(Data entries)

====

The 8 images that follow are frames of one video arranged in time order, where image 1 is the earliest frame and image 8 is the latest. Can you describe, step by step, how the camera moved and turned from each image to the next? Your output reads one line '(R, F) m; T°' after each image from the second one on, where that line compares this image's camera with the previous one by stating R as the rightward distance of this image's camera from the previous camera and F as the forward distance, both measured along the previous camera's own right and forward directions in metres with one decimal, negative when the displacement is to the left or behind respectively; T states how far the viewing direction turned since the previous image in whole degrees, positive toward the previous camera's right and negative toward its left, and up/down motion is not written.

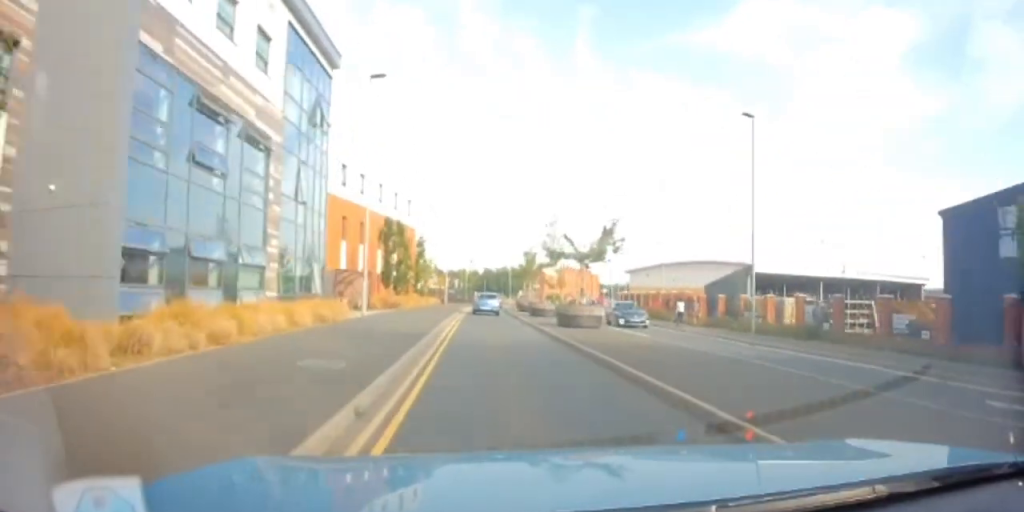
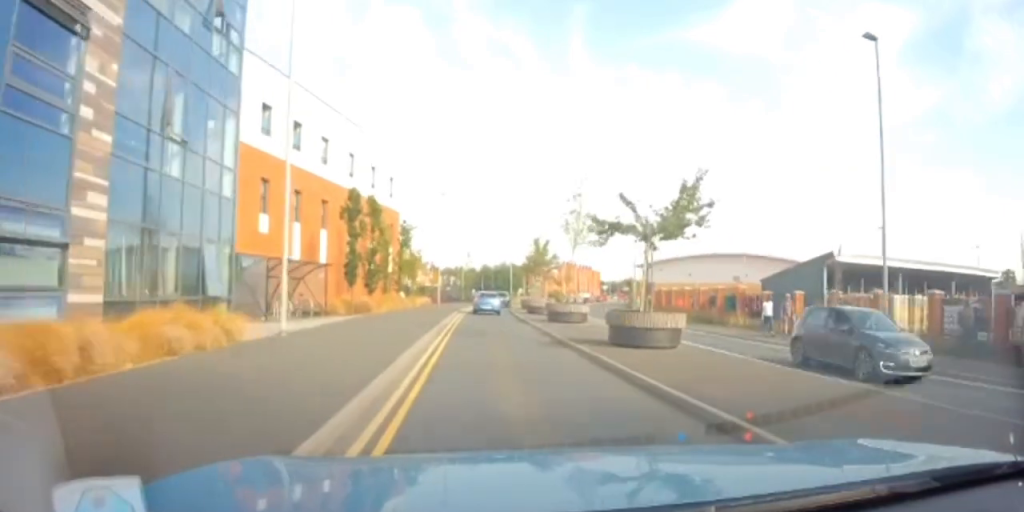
(+0.7, +9.5) m; +1°
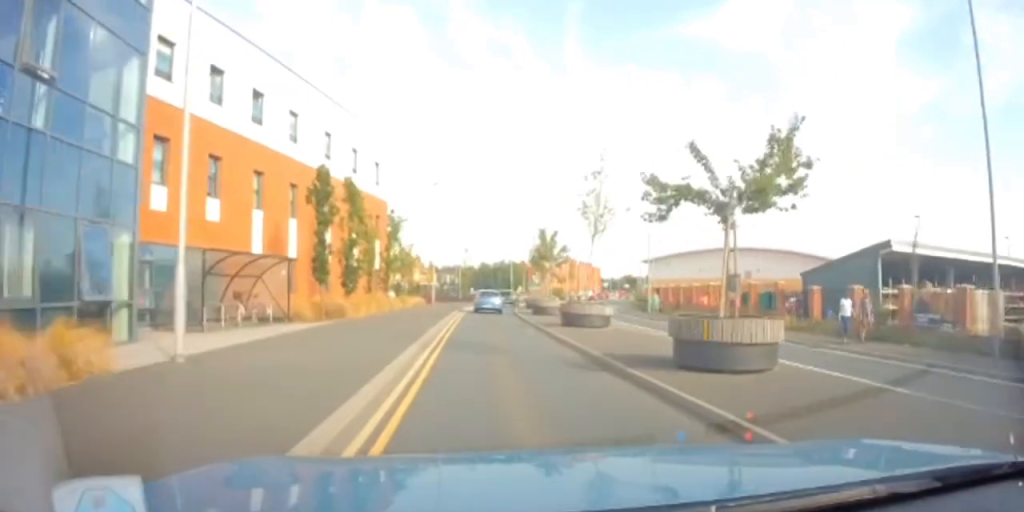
(+0.2, +4.9) m; 0°
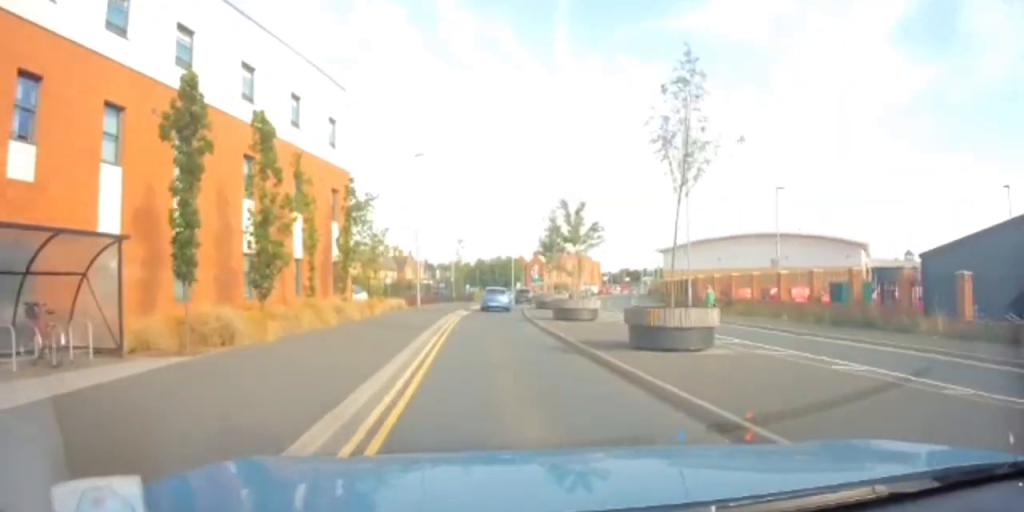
(-0.8, +10.0) m; -2°
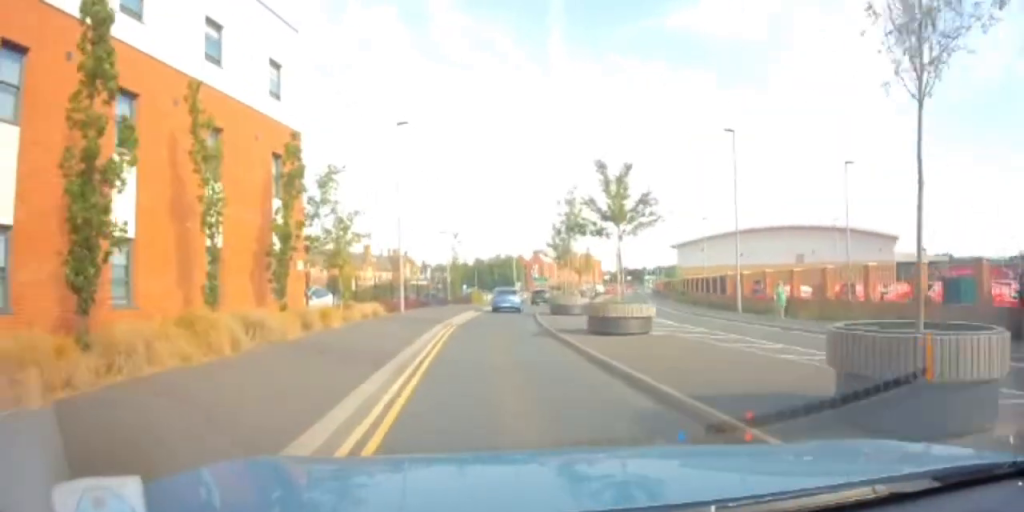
(+0.3, +7.7) m; +3°
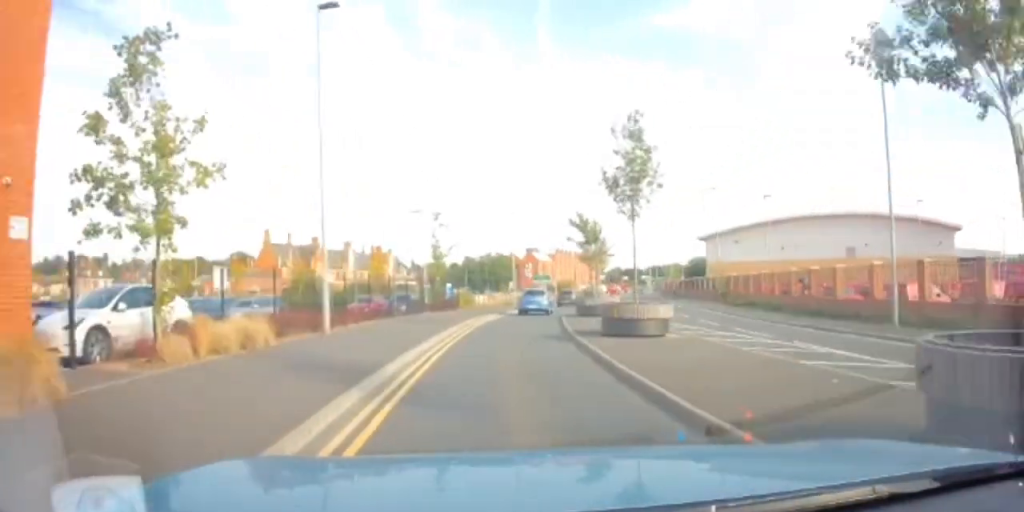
(+0.5, +13.8) m; +1°
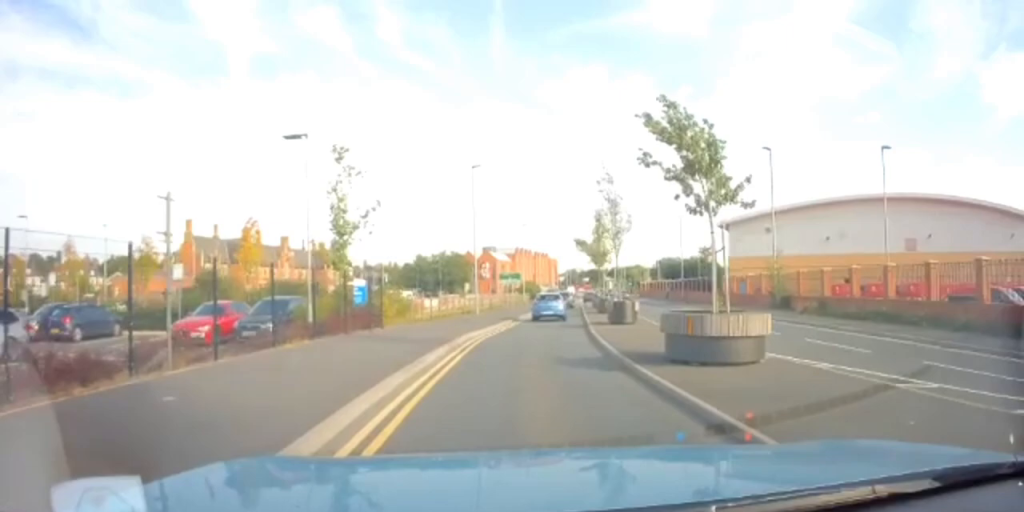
(-0.1, +17.4) m; +3°
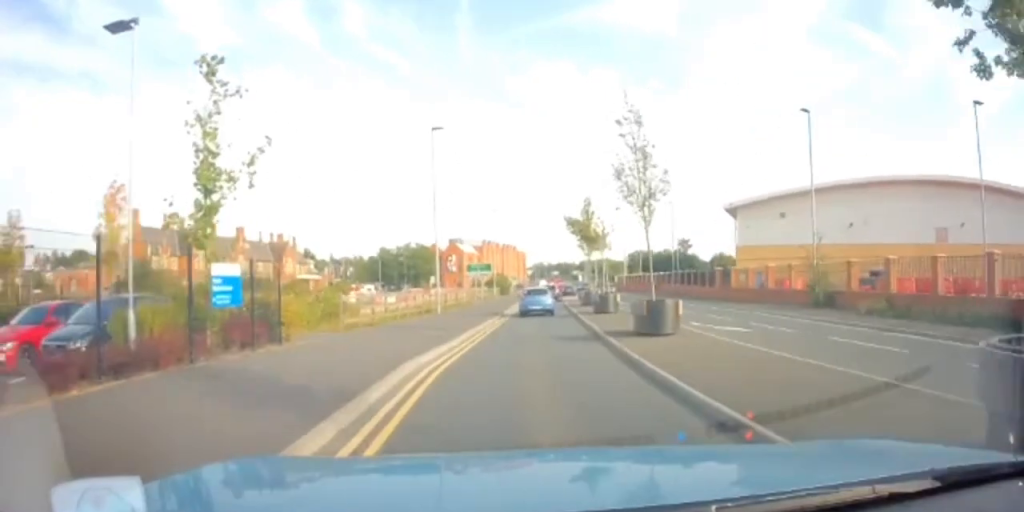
(+0.3, +8.3) m; +4°

====

#### AIM OF THE TASK:
Every line above is to be given again exactly, apart from the pictures.

#### REPLY:
The 8 images that follow are frames of one video arranged in time order, where image 1 is the earliest frame and image 8 is the latest. Can you describe, step by step, how the camera moved and turned from each image to the next? Your output reads one line '(R, F) m; T°' after each image from the second one on, where that line compares this image's camera with the previous one by stating R as the rightward distance of this image's camera from the previous camera and F as the forward distance, both measured along the previous camera's own right and forward directions in metres with one decimal, negative when the displacement is to the left or behind respectively; T states how far the viewing direction turned since the previous image in whole degrees, positive toward the previous camera's right and negative toward its left, and up/down motion is not written.

(+0.7, +9.5) m; +1°
(+0.2, +4.9) m; 0°
(-0.8, +10.0) m; -2°
(+0.3, +7.7) m; +3°
(+0.5, +13.8) m; +1°
(-0.1, +17.4) m; +3°
(+0.3, +8.3) m; +4°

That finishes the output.